# SCHWINN TANDEM HELP



## FULLYLOADED (Jun 26, 2017)

Hi just scored this Schwinn tandem...Looks 50s to me..Serial number seems odd under crankcase..Any infohelp will be appreciated ..was hangin in a doctors office..






















Sent from my SM-G935V using Tapatalk


----------



## volksboy57 (Jun 26, 2017)

bitchin tandem! I have one of these, but my drum brakes are newer than yours.


----------



## SirMike1983 (Jun 26, 2017)

Looks like a 1940s-50s Town & Country tandem with a nice, hand brazed frame. You've got a big project in your future. It probably has an odd serial number as a tandem built by hand rather than electroforge welded on the larger assembly line.


----------



## GTs58 (Jun 26, 2017)

Judging by this serial entry I'd guess that your tandem is a 1946-47 model

01/19/1949 ------------------ T001000 ----- T001217 -(TDM)


----------



## Metacortex (Jun 26, 2017)

Note that the Chicago built tandems were not electro-forged, they were fillet-brazed. That included models from the very first ones up until the very last Chicago tandem, the 1983 Twinn Sport:


----------



## GTs58 (Jun 26, 2017)

I seem to remember seeing a stripped down (60's) frame where the rear dropouts, chain stays and top seat tube stays were EF. Then the lower seat stay was brazed to the drop out partially covering the serial number.


----------



## Metacortex (Jun 26, 2017)

Right, they were 90% fillet brazed, which pretty much makes them fillet brazed. LOL.


----------



## GTs58 (Jun 26, 2017)

As my old Boss would say. 









Aaaaah cool Scott, you found the picture!


----------



## SirMike1983 (Jun 27, 2017)

Metacortex said:


> Note that the Chicago built tandems were not electro-forged, they were fillet-brazed. That included models from the very first ones up until the very last Chicago tandem, the 1983 Twinn Sport:




Interesting. I knew the early ones from the 40s-50s were brazed, but not the 60s - 70s ones.


----------



## Metacortex (Jun 27, 2017)

SirMike1983 said:


> Interesting. I knew the early ones from the 40s-50s were brazed, but not the 60s - 70s ones.

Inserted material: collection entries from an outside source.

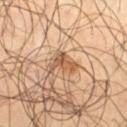Q: Was this lesion biopsied?
A: total-body-photography surveillance lesion; no biopsy
Q: What did automated image analysis measure?
A: a lesion color around L≈51 a*≈19 b*≈33 in CIELAB, about 12 CIELAB-L* units darker than the surrounding skin, and a normalized lesion–skin contrast near 8.5; a border-irregularity rating of about 6.5/10 and peripheral color asymmetry of about 1
Q: What lighting was used for the tile?
A: cross-polarized illumination
Q: How large is the lesion?
A: ≈3.5 mm
Q: Who is the patient?
A: male, approximately 55 years of age
Q: Where on the body is the lesion?
A: the leg
Q: How was this image acquired?
A: 15 mm crop, total-body photography
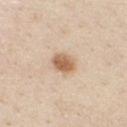Imaged during a routine full-body skin examination; the lesion was not biopsied and no histopathology is available. Measured at roughly 3 mm in maximum diameter. The lesion is located on the front of the torso. The total-body-photography lesion software estimated a lesion area of about 6 mm², a shape eccentricity near 0.65, and a symmetry-axis asymmetry near 0.2. The software also gave about 13 CIELAB-L* units darker than the surrounding skin and a normalized border contrast of about 9. The software also gave a border-irregularity index near 1.5/10 and internal color variation of about 3.5 on a 0–10 scale. The software also gave a detector confidence of about 100 out of 100 that the crop contains a lesion. The tile uses white-light illumination. The subject is a male aged 28–32. A 15 mm crop from a total-body photograph taken for skin-cancer surveillance.
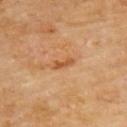anatomic site — the upper back
patient — male, about 60 years old
acquisition — ~15 mm tile from a whole-body skin photo
size — about 3 mm
automated metrics — a footprint of about 3 mm², an outline eccentricity of about 0.95 (0 = round, 1 = elongated), and a shape-asymmetry score of about 0.35 (0 = symmetric); a mean CIELAB color near L≈53 a*≈23 b*≈40; a nevus-likeness score of about 0/100 and a detector confidence of about 100 out of 100 that the crop contains a lesion
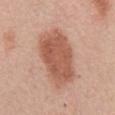Q: Was a biopsy performed?
A: total-body-photography surveillance lesion; no biopsy
Q: What did automated image analysis measure?
A: a lesion color around L≈57 a*≈23 b*≈30 in CIELAB, a lesion–skin lightness drop of about 12, and a lesion-to-skin contrast of about 8.5 (normalized; higher = more distinct)
Q: Patient demographics?
A: male, aged approximately 65
Q: Where on the body is the lesion?
A: the mid back
Q: How was this image acquired?
A: ~15 mm tile from a whole-body skin photo
Q: What lighting was used for the tile?
A: white-light illumination
Q: How large is the lesion?
A: ≈7.5 mm
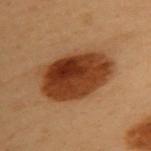Case summary:
* notes: imaged on a skin check; not biopsied
* tile lighting: cross-polarized
* patient: female, aged 58 to 62
* image source: total-body-photography crop, ~15 mm field of view
* image-analysis metrics: a lesion area of about 30 mm², an eccentricity of roughly 0.85, and a shape-asymmetry score of about 0.1 (0 = symmetric); a border-irregularity rating of about 1.5/10, a color-variation rating of about 6.5/10, and a peripheral color-asymmetry measure near 2.5; a lesion-detection confidence of about 100/100
* body site: the back
* size: about 8.5 mm
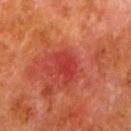Q: Was this lesion biopsied?
A: total-body-photography surveillance lesion; no biopsy
Q: Automated lesion metrics?
A: an area of roughly 6 mm², a shape eccentricity near 0.75, and a shape-asymmetry score of about 0.25 (0 = symmetric); roughly 6 lightness units darker than nearby skin and a normalized lesion–skin contrast near 5.5; a classifier nevus-likeness of about 5/100 and a lesion-detection confidence of about 100/100
Q: Where on the body is the lesion?
A: the left lower leg
Q: Illumination type?
A: cross-polarized illumination
Q: What is the lesion's diameter?
A: ≈3.5 mm
Q: What kind of image is this?
A: ~15 mm tile from a whole-body skin photo
Q: What are the patient's age and sex?
A: male, in their 80s
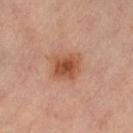follow-up — catalogued during a skin exam; not biopsied
site — the left lower leg
illumination — cross-polarized illumination
subject — female, about 50 years old
image — 15 mm crop, total-body photography
lesion size — about 3.5 mm
automated metrics — a classifier nevus-likeness of about 95/100 and a detector confidence of about 100 out of 100 that the crop contains a lesion
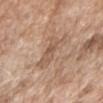Imaged during a routine full-body skin examination; the lesion was not biopsied and no histopathology is available.
A 15 mm close-up extracted from a 3D total-body photography capture.
The subject is a female in their mid-70s.
Imaged with white-light lighting.
On the arm.
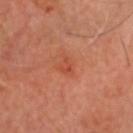<lesion>
<image>
  <source>total-body photography crop</source>
  <field_of_view_mm>15</field_of_view_mm>
</image>
<lesion_size>
  <long_diameter_mm_approx>3.0</long_diameter_mm_approx>
</lesion_size>
<patient>
  <sex>male</sex>
  <age_approx>70</age_approx>
</patient>
<automated_metrics>
  <area_mm2_approx>3.5</area_mm2_approx>
  <cielab_L>48</cielab_L>
  <cielab_a>31</cielab_a>
  <cielab_b>34</cielab_b>
  <vs_skin_darker_L>6.0</vs_skin_darker_L>
  <vs_skin_contrast_norm>5.0</vs_skin_contrast_norm>
  <color_variation_0_10>2.0</color_variation_0_10>
  <peripheral_color_asymmetry>0.5</peripheral_color_asymmetry>
  <nevus_likeness_0_100>0</nevus_likeness_0_100>
  <lesion_detection_confidence_0_100>100</lesion_detection_confidence_0_100>
</automated_metrics>
<site>head or neck</site>
<lighting>cross-polarized</lighting>
</lesion>
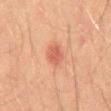notes: total-body-photography surveillance lesion; no biopsy | subject: male, aged approximately 45 | image-analysis metrics: a footprint of about 4 mm² and a symmetry-axis asymmetry near 0.3; an average lesion color of about L≈49 a*≈25 b*≈28 (CIELAB) and a lesion-to-skin contrast of about 6.5 (normalized; higher = more distinct); a border-irregularity rating of about 2.5/10, a color-variation rating of about 2.5/10, and radial color variation of about 1 | image source: total-body-photography crop, ~15 mm field of view | lighting: cross-polarized | body site: the mid back.
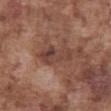Q: What are the patient's age and sex?
A: male, aged around 75
Q: What is the imaging modality?
A: ~15 mm tile from a whole-body skin photo
Q: How was the tile lit?
A: white-light
Q: What is the anatomic site?
A: the front of the torso
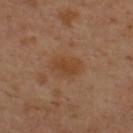{
  "biopsy_status": "not biopsied; imaged during a skin examination",
  "patient": {
    "sex": "male",
    "age_approx": 55
  },
  "site": "upper back",
  "lighting": "cross-polarized",
  "automated_metrics": {
    "lesion_detection_confidence_0_100": 100
  },
  "lesion_size": {
    "long_diameter_mm_approx": 3.5
  },
  "image": {
    "source": "total-body photography crop",
    "field_of_view_mm": 15
  }
}
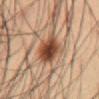This lesion was catalogued during total-body skin photography and was not selected for biopsy.
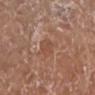Imaged during a routine full-body skin examination; the lesion was not biopsied and no histopathology is available. About 2.5 mm across. A female patient, about 75 years old. A 15 mm close-up tile from a total-body photography series done for melanoma screening. The lesion is located on the leg.
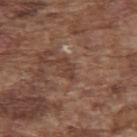notes: total-body-photography surveillance lesion; no biopsy | location: the upper back | imaging modality: 15 mm crop, total-body photography | tile lighting: white-light illumination | size: ~2.5 mm (longest diameter) | automated lesion analysis: an area of roughly 2.5 mm² and an outline eccentricity of about 0.85 (0 = round, 1 = elongated); a lesion–skin lightness drop of about 7 and a normalized border contrast of about 6; a lesion-detection confidence of about 55/100 | subject: male, aged 73–77.
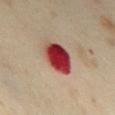Q: Was this lesion biopsied?
A: total-body-photography surveillance lesion; no biopsy
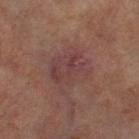biopsy_status: not biopsied; imaged during a skin examination
site: left thigh
lesion_size:
  long_diameter_mm_approx: 5.0
image:
  source: total-body photography crop
  field_of_view_mm: 15
patient:
  sex: female
  age_approx: 60
automated_metrics:
  eccentricity: 0.65
  shape_asymmetry: 0.2
  nevus_likeness_0_100: 0
  lesion_detection_confidence_0_100: 100
lighting: cross-polarized
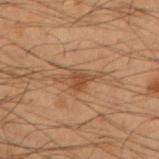Q: Was a biopsy performed?
A: imaged on a skin check; not biopsied
Q: Illumination type?
A: cross-polarized illumination
Q: How large is the lesion?
A: ~4.5 mm (longest diameter)
Q: What is the anatomic site?
A: the left forearm
Q: What are the patient's age and sex?
A: male, roughly 55 years of age
Q: What is the imaging modality?
A: ~15 mm crop, total-body skin-cancer survey
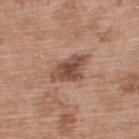Notes:
– workup: imaged on a skin check; not biopsied
– illumination: white-light illumination
– size: ≈5 mm
– image source: 15 mm crop, total-body photography
– location: the upper back
– patient: male, aged 48–52
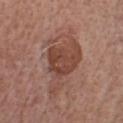Recorded during total-body skin imaging; not selected for excision or biopsy. Cropped from a total-body skin-imaging series; the visible field is about 15 mm. On the chest. A male subject, approximately 55 years of age. Captured under white-light illumination.
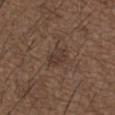Q: What is the imaging modality?
A: 15 mm crop, total-body photography
Q: Automated lesion metrics?
A: a lesion area of about 5.5 mm² and a symmetry-axis asymmetry near 0.2; an average lesion color of about L≈36 a*≈15 b*≈22 (CIELAB), about 6 CIELAB-L* units darker than the surrounding skin, and a lesion-to-skin contrast of about 6 (normalized; higher = more distinct); a border-irregularity index near 2.5/10, a color-variation rating of about 2.5/10, and radial color variation of about 0.5; an automated nevus-likeness rating near 5 out of 100 and a lesion-detection confidence of about 95/100
Q: What are the patient's age and sex?
A: male, aged 48–52
Q: How was the tile lit?
A: white-light
Q: Lesion location?
A: the back
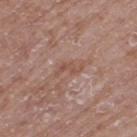No biopsy was performed on this lesion — it was imaged during a full skin examination and was not determined to be concerning. Longest diameter approximately 3 mm. Cropped from a whole-body photographic skin survey; the tile spans about 15 mm. Imaged with white-light lighting. A male subject aged around 60. The lesion is located on the right thigh.
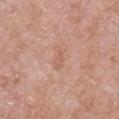Clinical impression:
No biopsy was performed on this lesion — it was imaged during a full skin examination and was not determined to be concerning.
Acquisition and patient details:
The subject is a male in their mid-60s. A region of skin cropped from a whole-body photographic capture, roughly 15 mm wide. Located on the right upper arm.
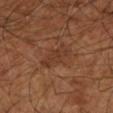follow-up = total-body-photography surveillance lesion; no biopsy
anatomic site = the left lower leg
lesion diameter = about 4.5 mm
image = total-body-photography crop, ~15 mm field of view
lighting = cross-polarized illumination
patient = approximately 65 years of age
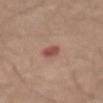{"biopsy_status": "not biopsied; imaged during a skin examination"}
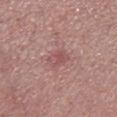notes = total-body-photography surveillance lesion; no biopsy | imaging modality = 15 mm crop, total-body photography | tile lighting = white-light | patient = female, in their 40s | anatomic site = the left lower leg | image-analysis metrics = an average lesion color of about L≈52 a*≈25 b*≈20 (CIELAB), roughly 7 lightness units darker than nearby skin, and a normalized border contrast of about 5.5; a classifier nevus-likeness of about 0/100 and lesion-presence confidence of about 100/100 | lesion diameter = ~2.5 mm (longest diameter).
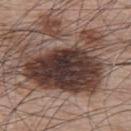notes — catalogued during a skin exam; not biopsied
size — ≈12 mm
body site — the upper back
imaging modality — ~15 mm crop, total-body skin-cancer survey
subject — male, aged around 65
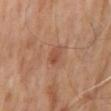No biopsy was performed on this lesion — it was imaged during a full skin examination and was not determined to be concerning. A male subject aged approximately 65. The total-body-photography lesion software estimated a footprint of about 3.5 mm², a shape eccentricity near 0.65, and a shape-asymmetry score of about 0.15 (0 = symmetric). The analysis additionally found a mean CIELAB color near L≈47 a*≈22 b*≈30 and a normalized lesion–skin contrast near 5.5. Located on the mid back. Captured under cross-polarized illumination. Cropped from a whole-body photographic skin survey; the tile spans about 15 mm. Measured at roughly 2.5 mm in maximum diameter.
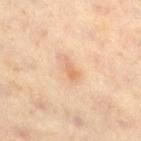- workup: imaged on a skin check; not biopsied
- imaging modality: ~15 mm crop, total-body skin-cancer survey
- location: the right thigh
- illumination: cross-polarized
- patient: male, about 60 years old
- image-analysis metrics: a footprint of about 2.5 mm² and a symmetry-axis asymmetry near 0.35; a lesion color around L≈64 a*≈20 b*≈34 in CIELAB and a normalized border contrast of about 5.5; a nevus-likeness score of about 0/100 and a detector confidence of about 100 out of 100 that the crop contains a lesion
- lesion size: ~2.5 mm (longest diameter)
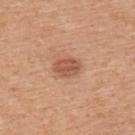follow-up — catalogued during a skin exam; not biopsied
diameter — ≈3 mm
body site — the upper back
lighting — white-light illumination
patient — male, aged 48 to 52
acquisition — 15 mm crop, total-body photography
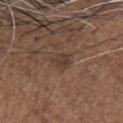Case summary:
- TBP lesion metrics · a lesion area of about 4 mm², an eccentricity of roughly 0.65, and a symmetry-axis asymmetry near 0.35; a lesion color around L≈38 a*≈16 b*≈23 in CIELAB and about 7 CIELAB-L* units darker than the surrounding skin; a border-irregularity rating of about 3/10, internal color variation of about 1.5 on a 0–10 scale, and peripheral color asymmetry of about 0.5
- illumination · white-light
- site · the head or neck
- subject · male, aged 63–67
- acquisition · total-body-photography crop, ~15 mm field of view
- lesion size · ~2.5 mm (longest diameter)

Yeah, check out my post here showing the Twinn Sport (made from '78 to '83 http://thecabe.com/forum/threads/schwinn-superior.96587/#post-621253

On these while all of the headtube joints were fillet-brazed the middle one was left unfiiled:





The '78-'83 Twinn Sport frame was very similar to the '63-'64 Bicycle Built for Two, except on that one they filed all of the headtube joints:





There must be a pound of brass in those frames!


----------